WORK ORDER: The pictures are to be left out, and all remaining data is to be transcribed exactly as it appears.

SUPPLIED DATA:
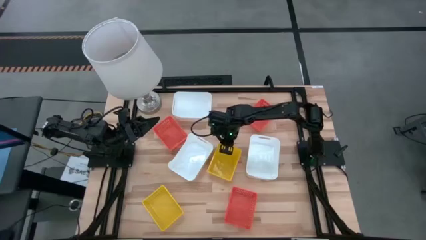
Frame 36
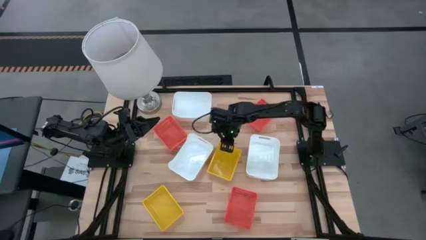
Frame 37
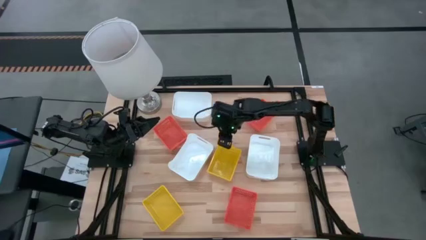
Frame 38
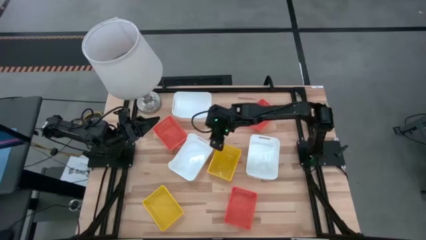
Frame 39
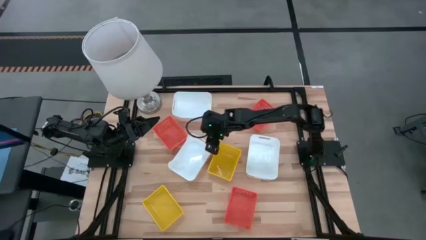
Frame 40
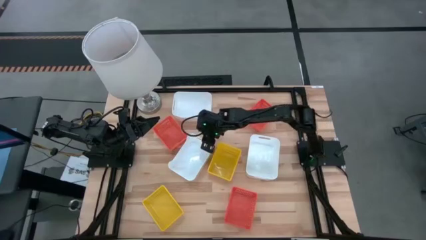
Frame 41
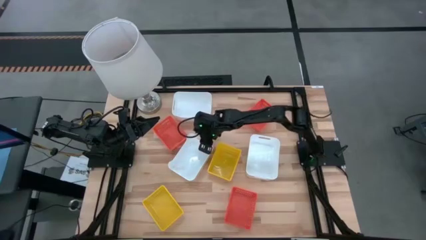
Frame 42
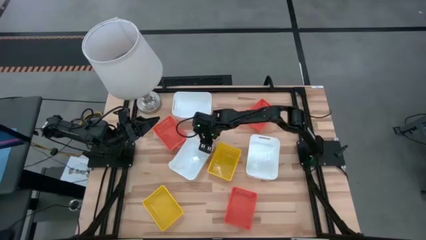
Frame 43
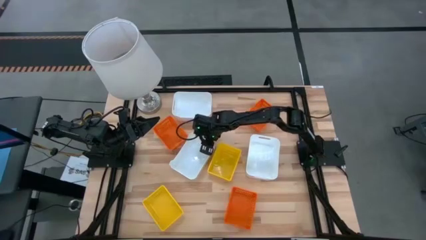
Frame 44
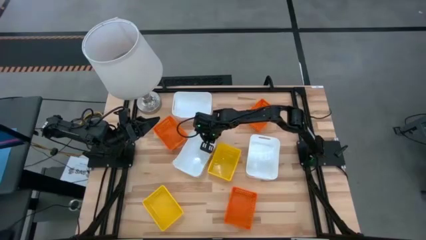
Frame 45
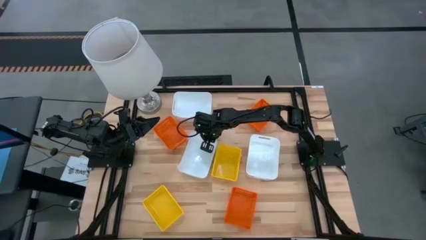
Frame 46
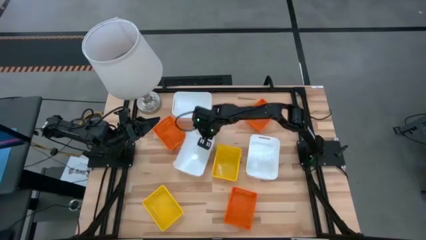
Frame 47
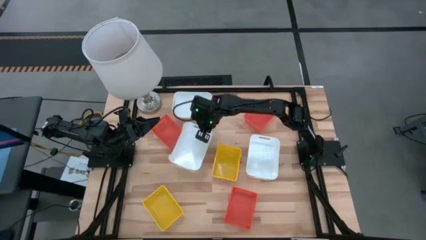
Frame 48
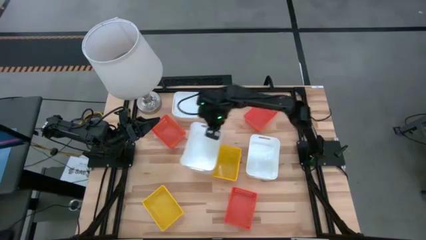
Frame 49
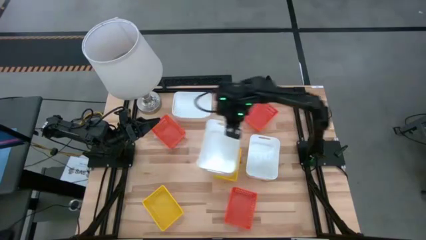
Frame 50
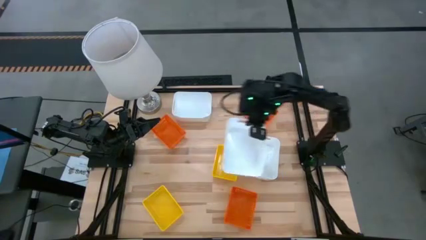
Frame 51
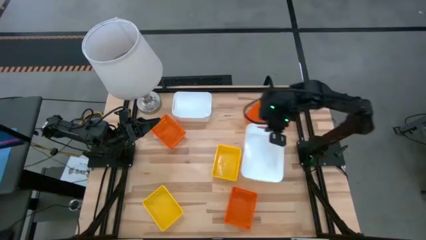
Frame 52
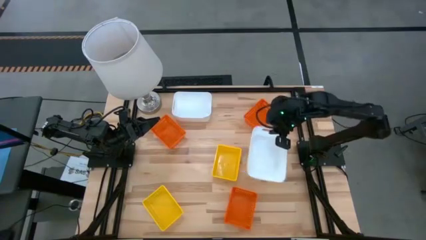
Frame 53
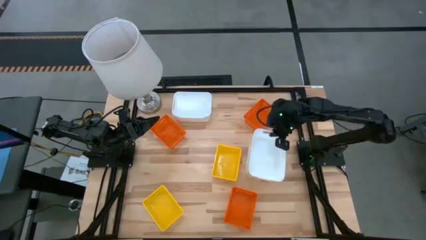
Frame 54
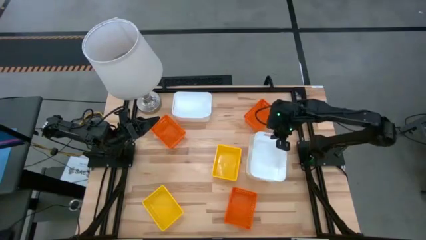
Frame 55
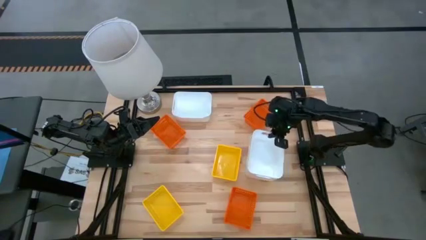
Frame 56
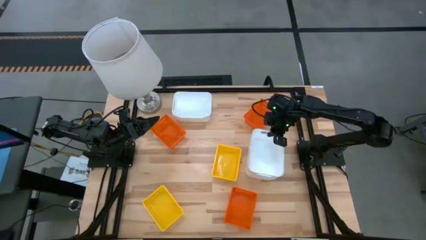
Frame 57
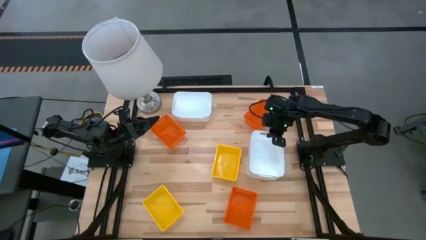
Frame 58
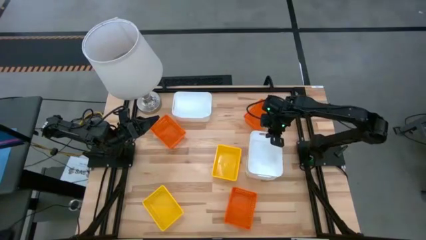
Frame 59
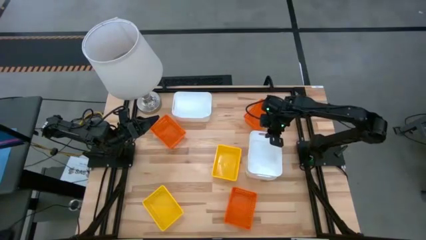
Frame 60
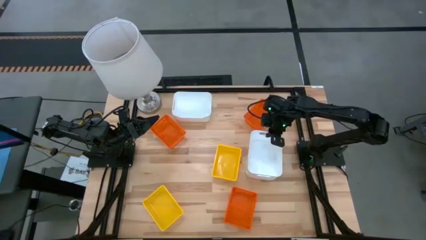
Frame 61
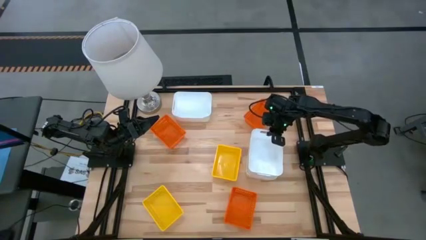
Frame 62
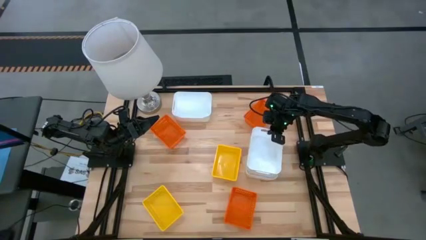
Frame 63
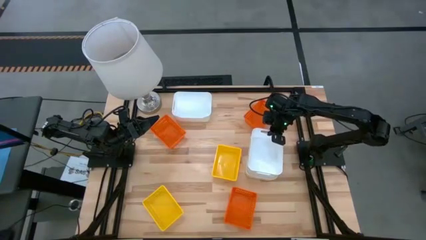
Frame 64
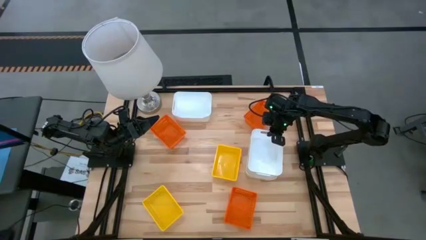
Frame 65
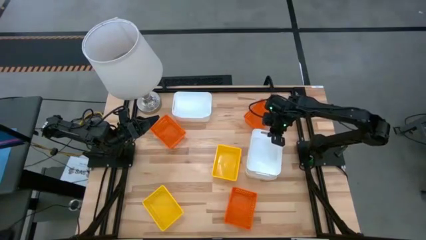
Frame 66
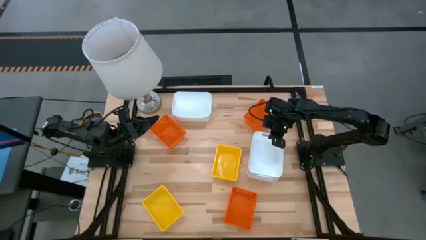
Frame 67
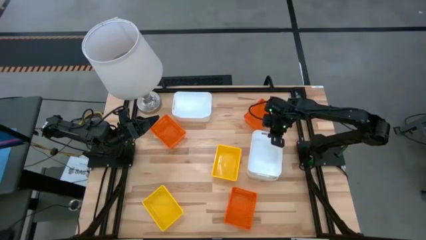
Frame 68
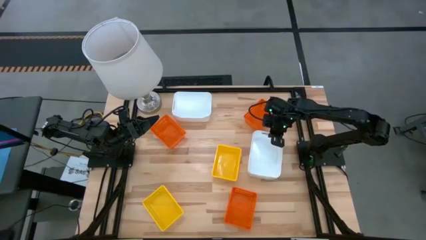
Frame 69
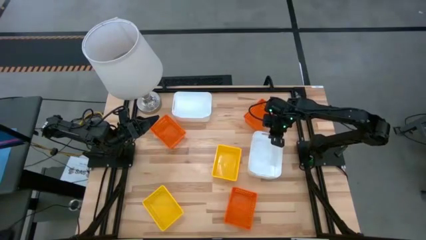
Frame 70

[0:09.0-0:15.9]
Stack the bottom left white bin on the bottom right white bin

COMPLETED EXERCISE:
Frame 36
Frame 37
Frame 38
Frame 39
Frame 40
Frame 41
Frame 42
Frame 43
Frame 44
Frame 45
Frame 46
Frame 47
Frame 48
Frame 49
Frame 50
Frame 51
Frame 52
Frame 53
Frame 54
Frame 55
Frame 56
Frame 57
Frame 58
Frame 59
Frame 60
Frame 61
Frame 62
Frame 63
Frame 64
Frame 65
Frame 66
Frame 67
Frame 68
Frame 69
Frame 70

[0:09.0-0:15.9]
Stack the bottom left white bin on the bottom right white bin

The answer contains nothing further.